┌─ The data
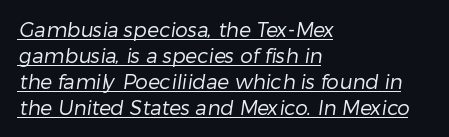
Q: Is the text bold? A: No.
Q: Is the text underlined? A: Yes.
Q: How is the paragraph aligned? A: Left-aligned.
Q: Is the spacing between letters normal or unusually wide? A: Normal.
Q: Is the spacing between lines tight, normal or loose? A: Normal.
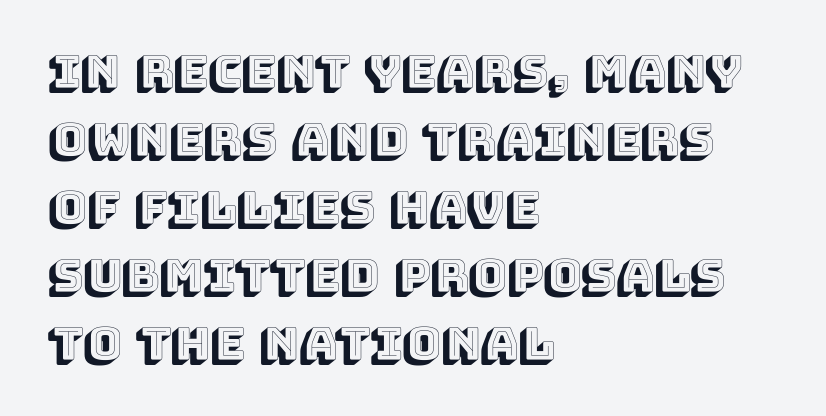
The image shows 46 px text type, upright; set left-aligned, normal line spacing (1.48x), normal letter spacing, not underlined; a large x-height.
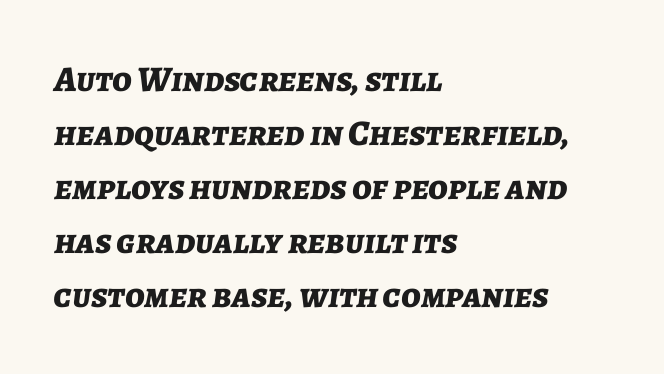
{"italic": "yes", "lean": "right", "slant_degrees": 7, "bold": "yes", "weight": "bold", "width": "normal", "stroke_contrast": "low", "x_height": "medium", "monospaced": "no", "underline": "no", "align": "left", "line_spacing": "normal", "line_spacing_ratio": 1.5, "letter_spacing": "normal", "letter_spacing_em": 0.0, "glyph_px": 36}
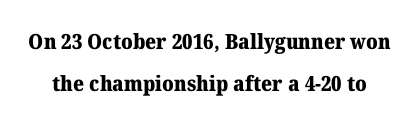
{"italic": "no", "bold": "yes", "underline": "no", "line_spacing": "loose", "line_spacing_ratio": 1.99, "letter_spacing": "normal", "letter_spacing_em": 0.0, "glyph_px": 21}
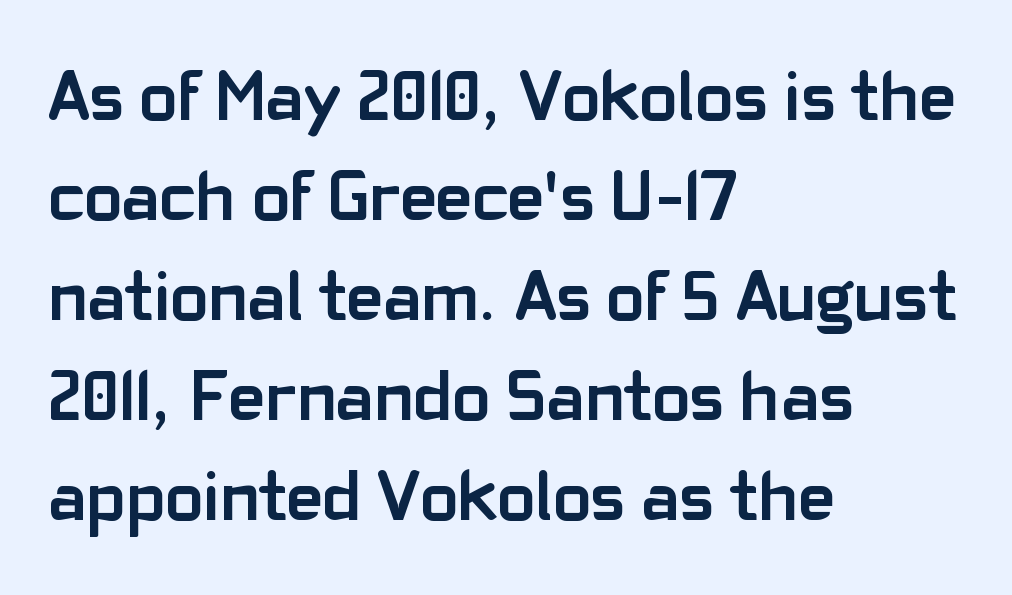
Words appear dense and cohesive because spacing is normal. The font family rendered here belongs to the sans-serif group. A classic flush-left, rag-right setting is used for this passage. The specimen omits any rule beneath the text block's lines. Thick stems and heavy bowls — unmistakably bold. The designer left line spacing at the default.
└─
**What you need to do:**
Looking at the material above, say how many of its lines include "aligned", and give nothing besides the number.

**Response:**
2